Kashmere Gardens is a historically Black community wedged in between two railroad lines, developed under racist land use and zoning policies that allowed inadequate infrastructure and increased exposure to pollution. Affected by proximity to multiple brownfields (former industrial or commercial sites with a high probability of being contaminated), the community underwent a 25-year buyout process in which they had little input.

The Austin area neighborhoods were constructed based on faulty flood plain maps drawn up in the 1970s; homes should not have been built in the areas the neighborhoods occupied. The decision to offer buyouts came after repeated catastrophic flooding. Buyout plans for the Austin neighborhoods made an effort to incorporate the perspectives and views of people who accepted buyouts and those who stayed. However, decision-making remained siloed, and largely out of the hands of residents.

Lieberknecht’s project asks whether climate buyouts can be structured differently. Many times, buyouts occur after traumatic community events, such as catastrophic floods that include loss of life and extensive property damage and loss. Is there a way to consider the emotional ties people feel to community and land? Can the perspectives of former residents be taken into account when the land is repurposed? Is it even possible to include emotion and trauma in planning processes?  She asked the Fellows to use their own disciplinary lenses to critique what is from a planning perspective uncomplicated, but very complex from a human perspective.
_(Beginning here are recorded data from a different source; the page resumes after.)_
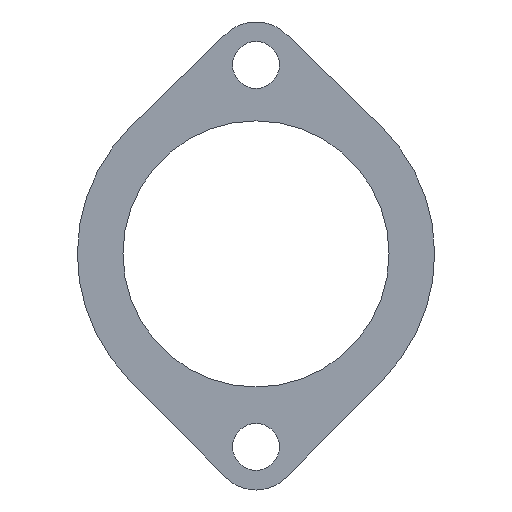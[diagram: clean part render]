
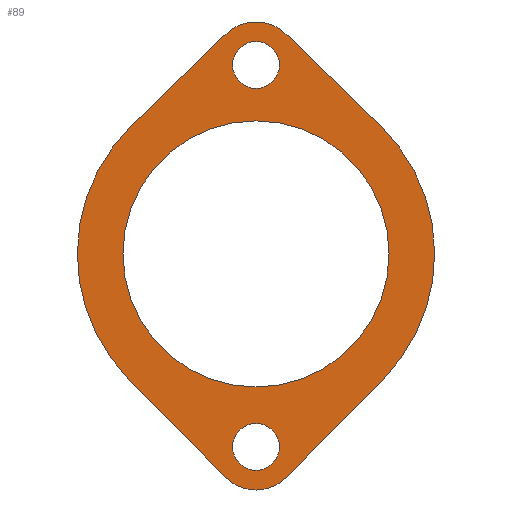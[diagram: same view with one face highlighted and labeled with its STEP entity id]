
A CAD part, left-side view. The second image highlights one B-rep face of the part: STEP entity #89.
In plain terms, the highlighted planar face has unit normal (-1, 0, 0).
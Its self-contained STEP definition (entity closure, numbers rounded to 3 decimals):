
#52=FACE_BOUND('',#122,.T.);
#53=FACE_BOUND('',#123,.T.);
#54=FACE_BOUND('',#124,.T.);
#55=FACE_BOUND('',#125,.T.);
#63=CIRCLE('',#272,14.5);
#65=CIRCLE('',#276,3.5);
#67=CIRCLE('',#280,14.5);
#70=CIRCLE('',#285,1.9);
#72=CIRCLE('',#288,10.8);
#73=CIRCLE('',#290,3.5);
#76=CIRCLE('',#294,1.9);
#89=ADVANCED_FACE('',(#52,#53,#54,#55),#95,.F.);
#95=PLANE('',#297);
#122=EDGE_LOOP('',(#175,#176,#177,#178,#179,#180,#181,#182));
#123=EDGE_LOOP('',(#183));
#124=EDGE_LOOP('',(#184));
#125=EDGE_LOOP('',(#185));
#175=ORIENTED_EDGE('',*,*,#208,.F.);
#176=ORIENTED_EDGE('',*,*,#234,.F.);
#177=ORIENTED_EDGE('',*,*,#227,.F.);
#178=ORIENTED_EDGE('',*,*,#224,.F.);
#179=ORIENTED_EDGE('',*,*,#221,.F.);
#180=ORIENTED_EDGE('',*,*,#218,.F.);
#181=ORIENTED_EDGE('',*,*,#215,.F.);
#182=ORIENTED_EDGE('',*,*,#212,.F.);
#183=ORIENTED_EDGE('',*,*,#233,.T.);
#184=ORIENTED_EDGE('',*,*,#231,.T.);
#185=ORIENTED_EDGE('',*,*,#237,.T.);
#186=VERTEX_POINT('',#372);
#187=VERTEX_POINT('',#373);
#190=VERTEX_POINT('',#381);
#192=VERTEX_POINT('',#387);
#194=VERTEX_POINT('',#393);
#196=VERTEX_POINT('',#399);
#198=VERTEX_POINT('',#405);
#200=VERTEX_POINT('',#411);
#203=VERTEX_POINT('',#419);
#205=VERTEX_POINT('',#424);
#207=VERTEX_POINT('',#432);
#208=EDGE_CURVE('',#186,#187,#238,.T.);
#212=EDGE_CURVE('',#187,#190,#63,.T.);
#215=EDGE_CURVE('',#190,#192,#243,.T.);
#218=EDGE_CURVE('',#192,#194,#65,.T.);
#221=EDGE_CURVE('',#194,#196,#247,.T.);
#224=EDGE_CURVE('',#196,#198,#67,.T.);
#227=EDGE_CURVE('',#198,#200,#251,.T.);
#231=EDGE_CURVE('',#203,#203,#70,.T.);
#233=EDGE_CURVE('',#205,#205,#72,.T.);
#234=EDGE_CURVE('',#200,#186,#73,.T.);
#237=EDGE_CURVE('',#207,#207,#76,.T.);
#238=LINE('',#371,#254);
#243=LINE('',#386,#259);
#247=LINE('',#398,#263);
#251=LINE('',#410,#267);
#254=VECTOR('',#300,1.);
#259=VECTOR('',#313,1.);
#263=VECTOR('',#325,1.);
#267=VECTOR('',#337,1.);
#272=AXIS2_PLACEMENT_3D('',#380,#306,#307);
#276=AXIS2_PLACEMENT_3D('',#392,#318,#319);
#280=AXIS2_PLACEMENT_3D('',#404,#330,#331);
#285=AXIS2_PLACEMENT_3D('',#418,#344,#345);
#288=AXIS2_PLACEMENT_3D('',#423,#350,#351);
#290=AXIS2_PLACEMENT_3D('',#426,#354,#355);
#294=AXIS2_PLACEMENT_3D('',#431,#362,#363);
#297=AXIS2_PLACEMENT_3D('',#435,#368,#369);
#300=DIRECTION('',(0.,-0.717,-0.697));
#306=DIRECTION('',(1.,0.,0.));
#307=DIRECTION('',(0.,1.,0.));
#313=DIRECTION('',(0.,0.702,-0.712));
#318=DIRECTION('',(1.,0.,0.));
#319=DIRECTION('',(0.,1.,0.));
#325=DIRECTION('',(0.,0.702,0.712));
#330=DIRECTION('',(1.,0.,0.));
#331=DIRECTION('',(0.,1.,0.));
#337=DIRECTION('',(0.,-0.717,0.697));
#344=DIRECTION('',(1.,0.,0.));
#345=DIRECTION('',(0.,1.,0.));
#350=DIRECTION('',(1.,0.,0.));
#351=DIRECTION('',(0.,1.,0.));
#354=DIRECTION('',(1.,0.,0.));
#355=DIRECTION('',(0.,1.,0.));
#362=DIRECTION('',(1.,0.,0.));
#363=DIRECTION('',(0.,1.,0.));
#368=DIRECTION('',(1.,0.,0.));
#369=DIRECTION('',(0.,0.,-1.));
#371=CARTESIAN_POINT('',(0.,-2.439,18.01));
#372=CARTESIAN_POINT('',(0.,-2.439,18.01));
#373=CARTESIAN_POINT('',(0.,-10.104,10.562));
#380=CARTESIAN_POINT('',(0.,0.,0.163));
#381=CARTESIAN_POINT('',(0.,-10.322,-10.021));
#386=CARTESIAN_POINT('',(0.,-10.322,-10.021));
#387=CARTESIAN_POINT('',(0.,-2.492,-17.958));
#392=CARTESIAN_POINT('',(0.,0.,-15.5));
#393=CARTESIAN_POINT('',(0.,2.492,-17.958));
#398=CARTESIAN_POINT('',(0.,2.492,-17.958));
#399=CARTESIAN_POINT('',(0.,10.322,-10.021));
#404=CARTESIAN_POINT('',(0.,0.,0.163));
#405=CARTESIAN_POINT('',(0.,10.104,10.562));
#410=CARTESIAN_POINT('',(0.,10.104,10.562));
#411=CARTESIAN_POINT('',(0.,2.439,18.01));
#418=CARTESIAN_POINT('',(0.,0.,-15.5));
#419=CARTESIAN_POINT('',(0.,1.9,-15.5));
#423=CARTESIAN_POINT('',(0.,0.,0.163));
#424=CARTESIAN_POINT('',(0.,10.8,0.163));
#426=CARTESIAN_POINT('',(0.,0.,15.5));
#431=CARTESIAN_POINT('',(0.,0.,15.5));
#432=CARTESIAN_POINT('',(0.,1.9,15.5));
#435=CARTESIAN_POINT('',(0.,0.,0.163));

Buyouts often occur in neighborhoods that, like Kashmere Gardens, are already marginal, doubly victimizing the residents. Fellows noted resonances with the relocations of Indigenous peoples. Coastal Indigenous communities in Alaska and Louisiana have been among the first to participate in “just processes” as part of climate-related relocation. Intended for groups that wish to move as a unit, this takes into consideration non-real estate values that go along with homes, such as attachment to bioregion and emotional and spiritual ties to land and people. Efforts to keep community together make an already slow process even slower.

The Louisiana communities received federal money to relocate through FEMA, but have yet to find a suitable location. The climate-related change affecting the Alaskan villages is erosion, which FEMA does not recognize as a disaster, disqualifying them for federal funds. Even relocations designed with social justice in mind can repeat painful histories. The coastal communities in Louisiana are all descendants of tribes forced to move during the Trail of Tears; the Alaskan communities were traditionally migratory groups forced into settlements.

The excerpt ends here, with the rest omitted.